If it remains "object_id" I think it needs to use the monotonically-increasing value.

If it will be reduced to an identity hashcode, it should not be named "object_id". "identity_hash" (mirrors its use in Hash) or something similar would be better/more accurate/more descriptive.

----------------------------------------
Feature #15408: Deprecate object_id and _id2ref
https://bugs.ruby-lang.org/issues/15408#change-75666

* Author: headius (Charles Nutter)
* Status: Open
* Priority: Normal
* Assignee: 
* Target version: 
----------------------------------------
Ruby currently provides the object_id method to get a "identifier" for a given object. According to the documentation, this ID is the same for every object_id call against a given object, and guaranteed not to be the same as any other active (i.e. alive) object. However, no guarantee is made about the ID being reused for a future object after the original has been garbage collected.

As a result, object_id can't be used to uniquely identify any object that might be garbage collected, since that ID may be associated with a completely different object in the future.

Ruby also provides a method to go from an object_id to the object reference itself: ObjectSpace._id2ref. This method has been in Ruby for decades and is often used to implement a weak hashmap from ID to reference, since holding the ID will not keep the object alive. However due to the problems with object_id not actually being unique, it's possible for _id2ref to return a different object than originally had that ID as object slots are reused in the heap.

The only way to implement object_id safely (with idempotency guarantees) would be to assign to all objects a monotonically-increasing ID. Alternatively, this ID could be assigned lazily only for those objects on which the code calls object_id. JRuby implements object_id in this way currently.

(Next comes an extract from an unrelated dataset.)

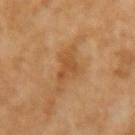Context: A female subject, aged approximately 70. Automated image analysis of the tile measured a classifier nevus-likeness of about 0/100 and a detector confidence of about 100 out of 100 that the crop contains a lesion. Located on the right forearm. Cropped from a total-body skin-imaging series; the visible field is about 15 mm. Approximately 4.5 mm at its widest.

The only way to implement _id2ref safely would be to have a mapping in memory from those monotonically-increasing IDs to the actual objects. This would have to be a weak mapping to prevent the objects from being garbage collected. JRuby currently only supports _id2ref via a flag, since the additional overhead of weakly tracking every requested object_id is extremely high. An alternative for MRI would be to implement _id2ref as a heap scan, as it is implemented in Rubinius. This would make it entirely unpractical due to the cost of scanning the heap for every ID lookup.

I propose that both methods should immediately be deprecated for removal in Ruby 3.0.

* They do not do what people expect.
* They cannot reliably do what they claim to do.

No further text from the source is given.